#### Problem details:
As the answer, return precisely the lines from the one containing "Vraag: Welk gerecht heeft dit vonnis gewezen?" to the final line of the material below, inclusive, and omit every picture.

#### Information supplied:
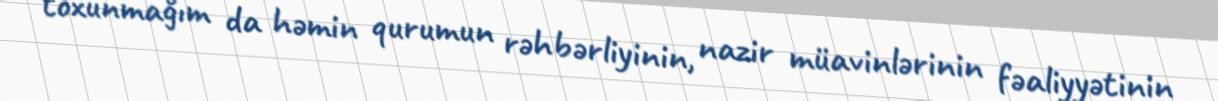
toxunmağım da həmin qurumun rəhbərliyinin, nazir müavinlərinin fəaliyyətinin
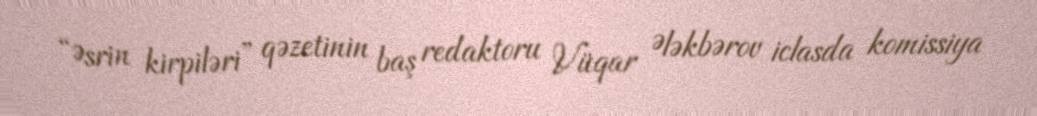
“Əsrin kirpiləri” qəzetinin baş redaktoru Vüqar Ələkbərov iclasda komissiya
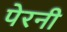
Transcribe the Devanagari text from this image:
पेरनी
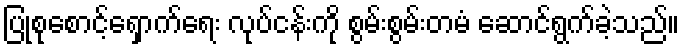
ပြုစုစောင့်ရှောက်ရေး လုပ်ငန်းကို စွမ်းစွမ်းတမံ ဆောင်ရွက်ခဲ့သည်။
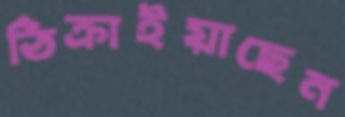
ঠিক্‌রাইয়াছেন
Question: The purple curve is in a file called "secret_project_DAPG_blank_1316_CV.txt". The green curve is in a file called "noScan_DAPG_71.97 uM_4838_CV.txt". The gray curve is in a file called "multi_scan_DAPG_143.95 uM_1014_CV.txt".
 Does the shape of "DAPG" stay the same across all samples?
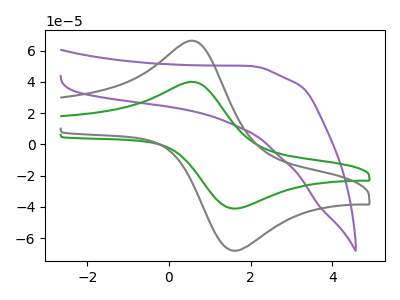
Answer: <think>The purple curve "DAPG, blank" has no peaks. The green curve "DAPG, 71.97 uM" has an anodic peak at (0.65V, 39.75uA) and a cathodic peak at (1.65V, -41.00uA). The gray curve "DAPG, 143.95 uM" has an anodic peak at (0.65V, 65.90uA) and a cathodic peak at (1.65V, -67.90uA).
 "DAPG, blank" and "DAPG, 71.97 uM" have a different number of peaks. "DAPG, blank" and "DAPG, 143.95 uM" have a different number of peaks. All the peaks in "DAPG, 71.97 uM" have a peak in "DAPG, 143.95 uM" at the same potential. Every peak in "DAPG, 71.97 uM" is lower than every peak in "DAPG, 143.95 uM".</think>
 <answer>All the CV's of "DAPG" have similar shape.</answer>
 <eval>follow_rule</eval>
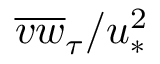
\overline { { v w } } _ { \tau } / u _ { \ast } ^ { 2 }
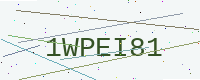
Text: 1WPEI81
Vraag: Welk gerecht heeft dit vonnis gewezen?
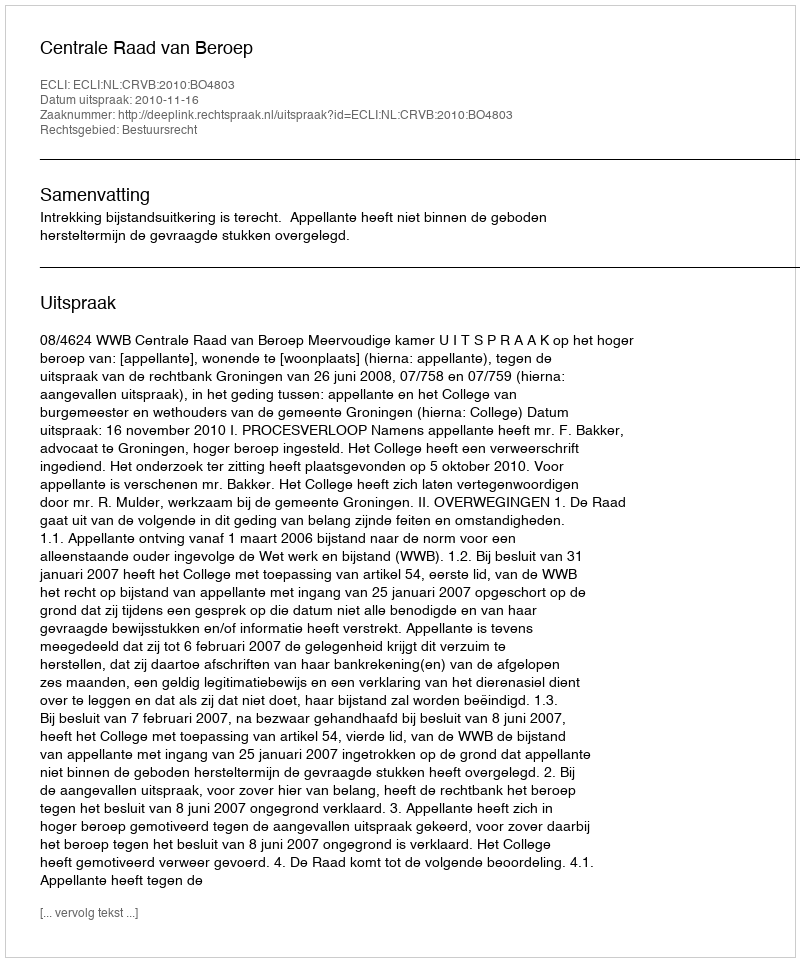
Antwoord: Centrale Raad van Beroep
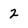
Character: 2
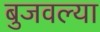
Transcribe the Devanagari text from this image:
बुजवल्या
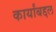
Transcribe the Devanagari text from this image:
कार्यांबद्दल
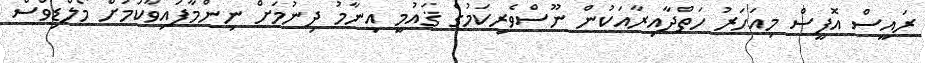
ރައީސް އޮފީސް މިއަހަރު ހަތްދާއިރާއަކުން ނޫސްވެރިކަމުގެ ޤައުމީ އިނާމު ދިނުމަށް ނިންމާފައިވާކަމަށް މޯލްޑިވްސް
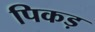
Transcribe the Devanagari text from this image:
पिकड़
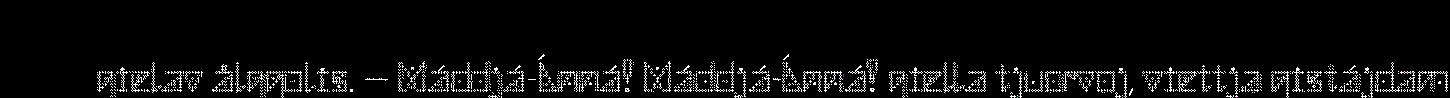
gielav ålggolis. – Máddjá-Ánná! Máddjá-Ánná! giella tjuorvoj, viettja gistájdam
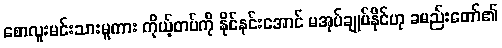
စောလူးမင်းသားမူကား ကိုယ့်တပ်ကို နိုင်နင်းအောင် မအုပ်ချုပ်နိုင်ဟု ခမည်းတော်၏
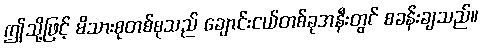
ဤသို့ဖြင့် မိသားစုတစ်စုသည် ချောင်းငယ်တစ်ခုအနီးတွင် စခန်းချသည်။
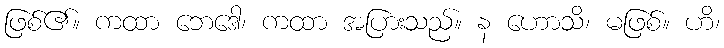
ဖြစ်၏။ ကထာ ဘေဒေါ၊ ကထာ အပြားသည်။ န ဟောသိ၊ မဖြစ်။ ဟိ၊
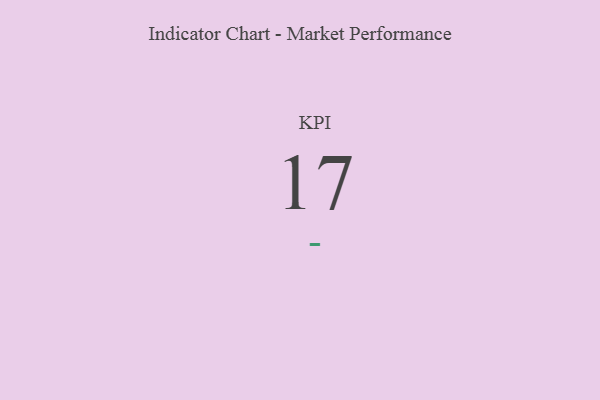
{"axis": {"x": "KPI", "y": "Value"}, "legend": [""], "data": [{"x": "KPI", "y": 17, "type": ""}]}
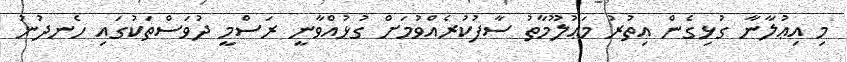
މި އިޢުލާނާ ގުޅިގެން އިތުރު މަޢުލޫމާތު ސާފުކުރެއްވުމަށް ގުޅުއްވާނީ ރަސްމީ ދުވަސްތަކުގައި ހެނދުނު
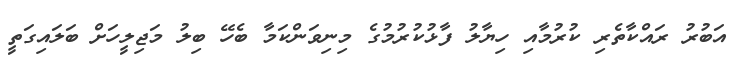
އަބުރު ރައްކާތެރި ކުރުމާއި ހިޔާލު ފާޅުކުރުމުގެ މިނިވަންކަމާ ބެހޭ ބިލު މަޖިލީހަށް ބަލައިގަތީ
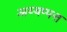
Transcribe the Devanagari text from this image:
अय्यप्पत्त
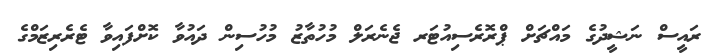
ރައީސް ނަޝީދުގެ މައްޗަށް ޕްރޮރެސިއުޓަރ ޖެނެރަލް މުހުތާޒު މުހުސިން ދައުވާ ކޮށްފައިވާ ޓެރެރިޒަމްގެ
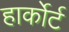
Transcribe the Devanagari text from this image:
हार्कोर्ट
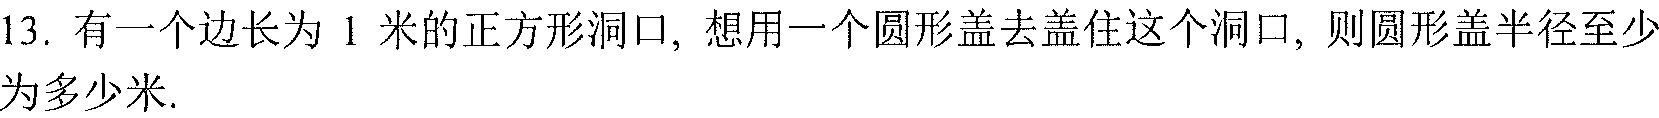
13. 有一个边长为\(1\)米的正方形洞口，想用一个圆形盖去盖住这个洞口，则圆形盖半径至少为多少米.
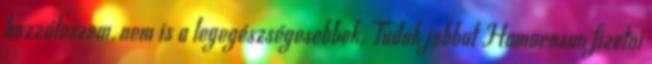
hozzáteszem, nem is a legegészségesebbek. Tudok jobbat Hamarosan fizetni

#### Your response:
Vraag: Welk gerecht heeft dit vonnis gewezen?
Antwoord: Centrale Raad van Beroep
Character: 2
Transcribe the Devanagari text from this image:
बुजवल्या
Transcribe the Devanagari text from this image:
कार्यांबद्दल
ރައީސް އޮފީސް މިއަހަރު ހަތްދާއިރާއަކުން ނޫސްވެރިކަމުގެ ޤައުމީ އިނާމު ދިނުމަށް ނިންމާފައިވާކަމަށް މޯލްޑިވްސް
Transcribe the Devanagari text from this image:
पिकड़
gielav ålggolis. – Máddjá-Ánná! Máddjá-Ánná! giella tjuorvoj, viettja gistájdam
စောလူးမင်းသားမူကား ကိုယ့်တပ်ကို နိုင်နင်းအောင် မအုပ်ချုပ်နိုင်ဟု ခမည်းတော်၏
ဤသို့ဖြင့် မိသားစုတစ်စုသည် ချောင်းငယ်တစ်ခုအနီးတွင် စခန်းချသည်။
ဖြစ်၏။ ကထာ ဘေဒေါ၊ ကထာ အပြားသည်။ န ဟောသိ၊ မဖြစ်။ ဟိ၊
{"axis": {"x": "KPI", "y": "Value"}, "legend": [""], "data": [{"x": "KPI", "y": 17, "type": ""}]}
މި އިޢުލާނާ ގުޅިގެން އިތުރު މަޢުލޫމާތު ސާފުކުރެއްވުމަށް ގުޅުއްވާނީ ރަސްމީ ދުވަސްތަކުގައި ހެނދުނު
އަބުރު ރައްކާތެރި ކުރުމާއި ހިޔާލު ފާޅުކުރުމުގެ މިނިވަންކަމާ ބެހޭ ބިލު މަޖިލީހަށް ބަލައިގަތީ
Transcribe the Devanagari text from this image:
अय्यप्पत्त
ރައީސް ނަޝީދުގެ މައްޗަށް ޕްރޮރެސިއުޓަރ ޖެނެރަލް މުހުތާޒު މުހުސިން ދައުވާ ކޮށްފައިވާ ޓެރެރިޒަމްގެ
Transcribe the Devanagari text from this image:
हार्कोर्ट
13. 有一个边长为\(1\)米的正方形洞口，想用一个圆形盖去盖住这个洞口，则圆形盖半径至少为多少米.
hozzáteszem, nem is a legegészségesebbek. Tudok jobbat Hamarosan fizetni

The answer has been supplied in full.